La ville d'Alsasua, dans la région espagnole de Navarre, avait été le théâtre, en octobre 2016, d'une rixe entre plusieurs jeunes hommes et deux agents de la Guardia Civil qui n'étaient pas en service et étaient accompagnés de leurs compagnes. Résultat de la bagarre : l'un des policiers a été blessé à la cheville et a dû subir une opération, et son collègue a quant à lui subit des blessures mineures. Selon eux, tout au long de la bagarre, les jeunes n'ont cessé de leur dire que leur présence dans la ville n'était pas appréciée et qu'ils devaient quitter la région. Deux individus ont été immédiatement arrêtés et ont dû comparaître devant le juge d'instruction de Pampelune, la capitale de la région de Navarre.

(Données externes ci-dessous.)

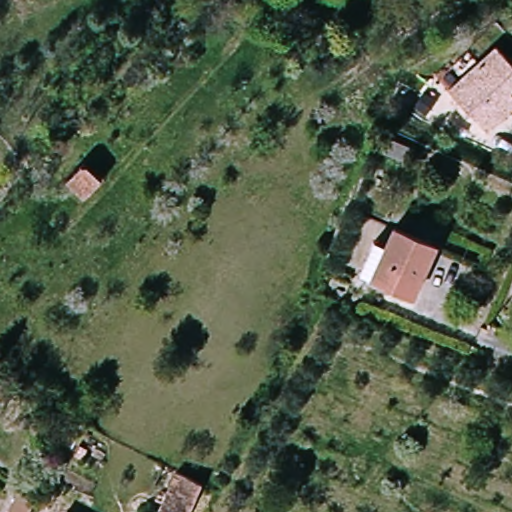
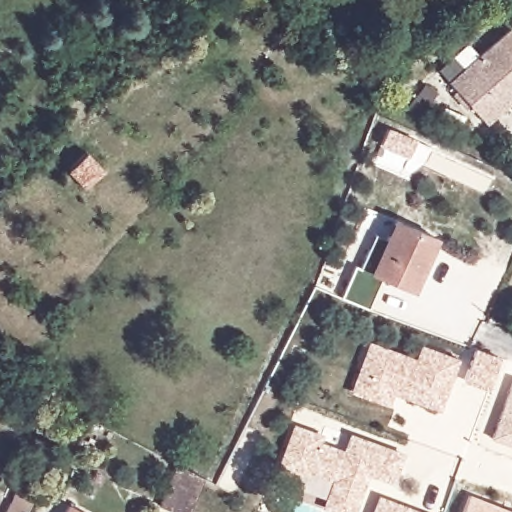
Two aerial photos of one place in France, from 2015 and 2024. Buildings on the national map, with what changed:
unchanged [(487,121),(449,79),(496,36),(512,53),(512,78),(510,80),(512,82),(512,99),(502,108),(487,121)]
unchanged [(83,154),(99,174),(82,190),(64,174),(83,154)]
unchanged [(428,237),(405,290),(368,273),(391,221),(428,237)]
new [(459,358),(439,412),(394,394),(390,406),(351,392),(369,340),(415,358),(420,344),(459,358)]
new [(512,378),(512,447),(490,439),(512,378)]
new [(350,433),(406,453),(393,485),(369,476),(356,512),(329,512),(321,509),(324,498),(273,478),(277,466),(275,465),(292,422),(323,434),(321,441),(343,450),(350,433)]
unchanged [(185,466),(207,478),(191,512),(179,512),(164,501),(185,466)]
unchanged [(18,490),(35,498),(27,512),(4,512),(18,490)]
new [(424,512),(372,512),(378,494),(424,512)]
new [(468,494),(512,510),(512,512),(463,512),(468,494)]
unchanged [(66,506),(76,512),(63,512),(66,506)]

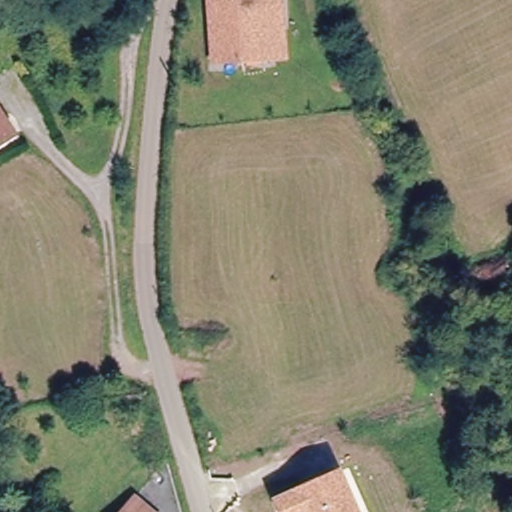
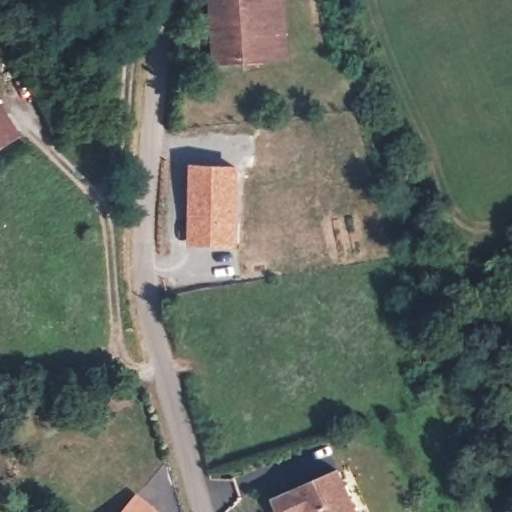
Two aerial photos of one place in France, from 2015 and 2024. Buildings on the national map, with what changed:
unchanged [(216,62),(212,0),(283,0),(284,23),(286,59),(270,60),(216,62)]
unchanged [(14,142),(0,149),(0,118),(14,142)]
new [(190,163),(242,166),(240,247),(188,247),(190,163)]
unchanged [(280,512),(274,498),(343,468),(362,512),(280,512)]
unchanged [(150,512),(123,512),(133,499),(150,512)]

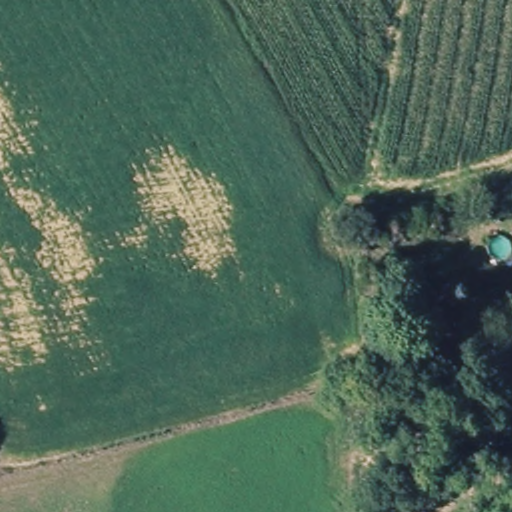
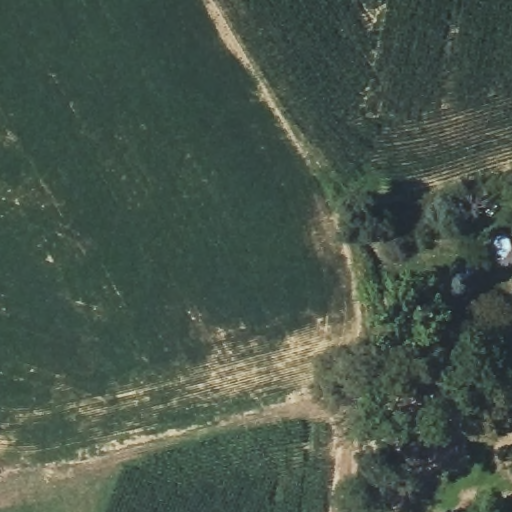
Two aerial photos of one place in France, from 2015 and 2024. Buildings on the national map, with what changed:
[]

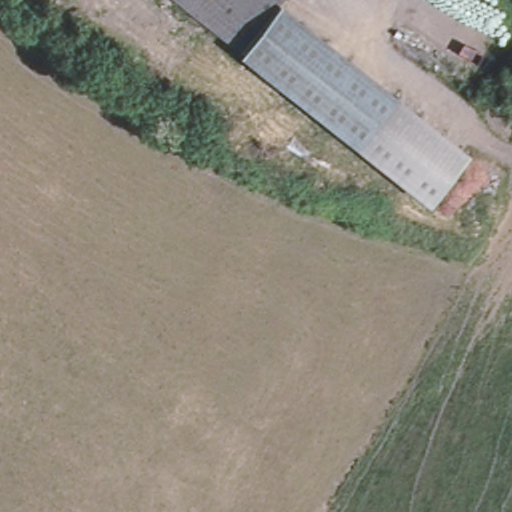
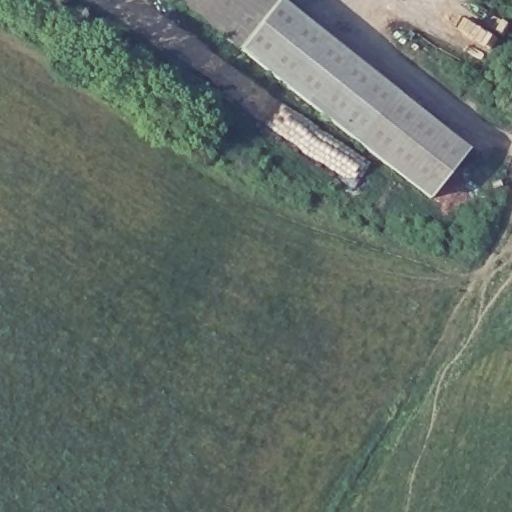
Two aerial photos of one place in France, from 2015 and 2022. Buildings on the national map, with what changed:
unchanged [(277,0),(240,44),(188,0),(277,0)]
unchanged [(282,0),(396,94),(357,141),(240,44),(277,0),(282,0)]
unchanged [(470,153),(431,203),(357,141),(396,94),(470,153)]

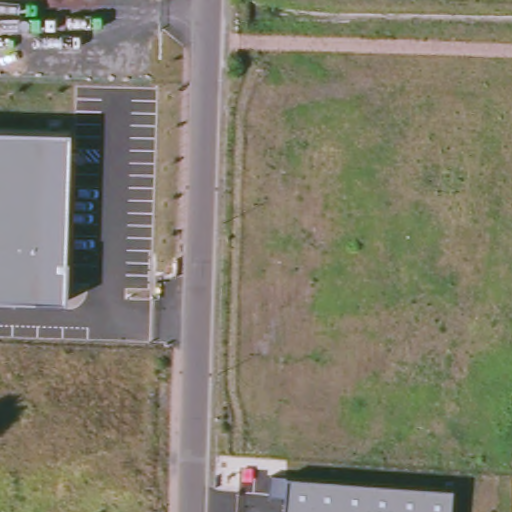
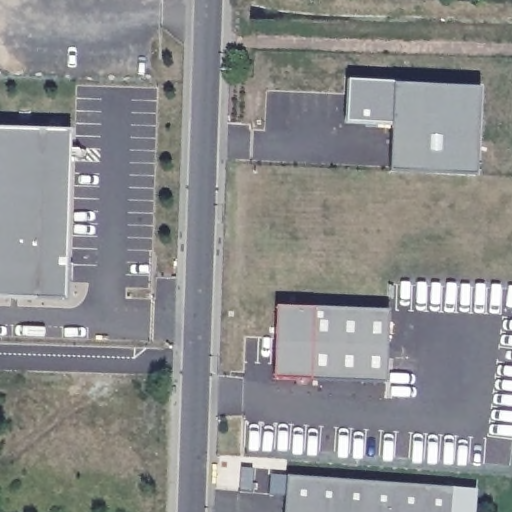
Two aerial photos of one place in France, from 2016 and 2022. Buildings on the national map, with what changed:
new [(351,70),(397,71),(397,72),(483,74),(480,167),(393,163),(395,115),(350,113),(351,70)]
unchanged [(70,133),(63,303),(0,300),(0,131),(70,133)]
new [(386,383),(274,379),(276,306),(389,310),(386,383)]
unchanged [(453,489),(451,512),(284,512),(285,495),(270,493),(271,474),(453,489)]

Le 18 octobre, une plainte a été déposée par une association de victimes du terrorisme auprès de la Audiencia Nacional (le tribunal central du pays qui détient une compétence exclusive en matière de crimes et infractions liés au terrorisme), considérant que les fait susmentionnés pouvaient être décrits comme des actes terroristes et des crimes de haine. Suite à la plainte, la Audiencia Nacional a engagé des procédures dès le 25 octobre 2016, soit 9 jour après la bagarre, et le juge d'instruction de Pampelune saisi la Audiencia Nacional, le 8 novembre de la même année.

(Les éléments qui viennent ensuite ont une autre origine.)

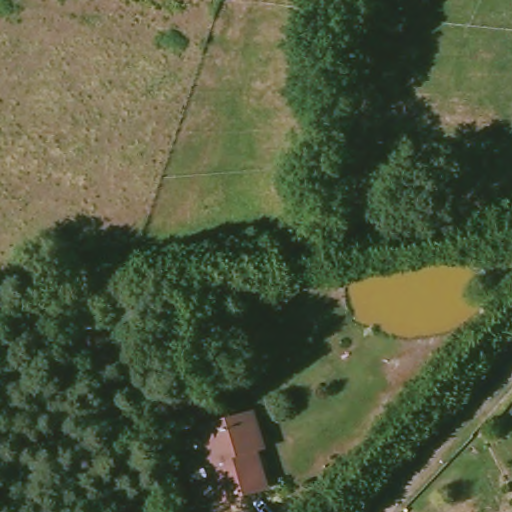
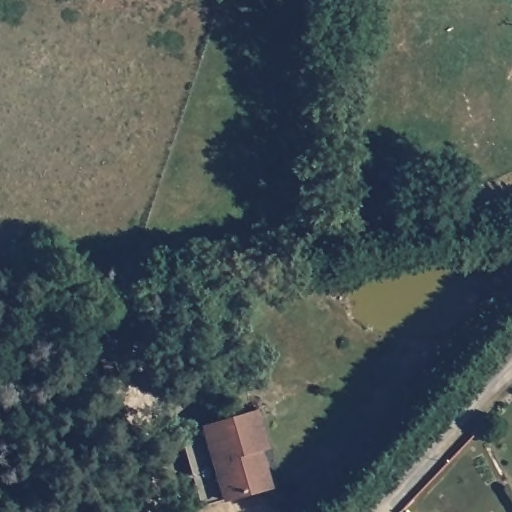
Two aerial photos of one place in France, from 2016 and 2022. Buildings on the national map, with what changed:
unchanged [(263,491),(212,503),(195,430),(259,415),(268,449),(261,450),(270,490),(263,491)]

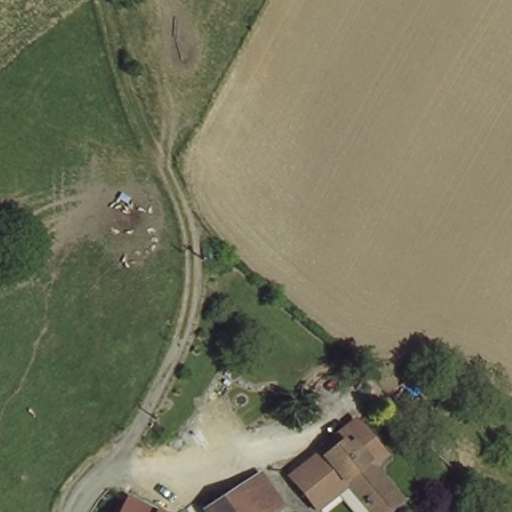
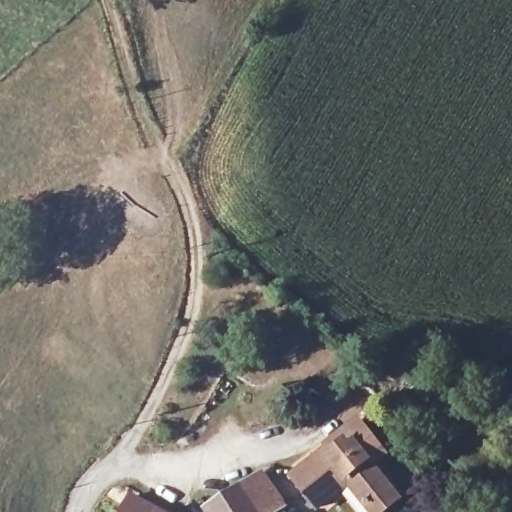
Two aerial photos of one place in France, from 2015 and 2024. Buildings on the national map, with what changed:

Un appel contre cette décision a été présenté devant la Cour d'Appel de Navarre. La Cour d'appel a ensuite renversé la décision du juge de Pampelune, lui ordonnant de saisir la Cour suprême. Le 1er juin 2017, ce tribunal a décrété qu'il revenait exclusivement à la Audiencia Nacional d'enquêter sur les faits ayant eu lieu à Alsasua, puisqu'il y avait des éléments de preuve prima facie attestant de l'existence d'infractions terroristes.
Le 5 juillet 2027, huit individus ont été officiellement accusés d'infractions terroristes pour leur supposée participation à la rixe ayant éclaté dans le bar d'Alsasua.
Les accusés placés en détention provisoire et sous haute surveillance
Le 14 novembre 2016, dix personnes ont été détenues dans plusieurs villes de Navarre et du Pays basque espagnol et transférés à la Audiencia Nacional. Le juge d'instruction a ensuite ordonné la détention provisoire de trois d'entre eux, qui ont été placés dans différentes prisons de Madrid, sous un régime de supervision et de contrôle spécial, connu sous le nom de “Ficheros de Internos de Especial Seguimiento”, FIES (liste des détenues placés sous supervision spéciale).
Les chefs d'accusation du procureur
Dans son réquisitoire du 5 juillet, le procureur a conclu que les faits s'étant produits dans le bar constituaient :
- quatre infractions de terrorisme ayant causé des blessures
- deux infractions de menaces terroristes
Le procureur a également estimé que les fait pouvaient parallèlement être décrits de la façon suivante
- Un trouble à l'ordre public lié au terrorisme
- Une agression commise contre l'autorité
- Quatre infractions pour blessures corporelles
- Deux infractions de menaces terroristes
Le procureur a établit l'intention terroriste car certains des accusés avaient préalablement participé aux activités d'une mouvement social qui préconisait le retrait de la Navarre des forces de police nationale (la Guardia Civil et la Policía Nacional). Le procureur a estimé qu'il s'agit également de l'une des anciennes revendications du groupe terroriste ETA.
Aussi, selon le procureur, le fait que certains des accusés qui avaient participé à la bagarre d'octobre 2016, avaient également des liens dans les activités d'un mouvement social non violent, suffit-il à conclure qu'ils avaient des intentions terroristes.
Le procureur a demandé des peines de 50 années d'emprisonnement pour sept des accusés, et une peine de 62 ans pour l'un d'entre eux.
Des inquiétudes quant au respect des droits humains et du droit à un procès équitable
Rights International Spain s'inquiète et estime que la décision de la cour de poursuivre les accusés sur la base du terrorisme pour les actes décrits plus haut constitue une action judiciaire disproportionnée. Les arguments présentés par le procureur dans son réquisitoire justifiant l'existence d'une intentionnalité, sont extrêmement faibles. En outre, des actes similaires ont été commis dans d'autres régions d'Espagne (en dehors de la Navarre et du Pays basque) visant des policier.es, et ont pourtant reçu un autre traitement judiciaire. Cela pose la question de la potentielle discrimination dans cette affaire.
Les avocats de la défense ont critiqué le rejet de la Audiencia Nacional de leur demande de preuves (vidéos, photos, témoins, etc.), alors que dans le même temps, les requêtes de preuves du procureur ont quant à elles été bien reçues. L'inadmissibilité de presque toutes les preuves apportées par la défense constitue une violation du droit à une protection judiciaire effective et du droit à un procès équitable.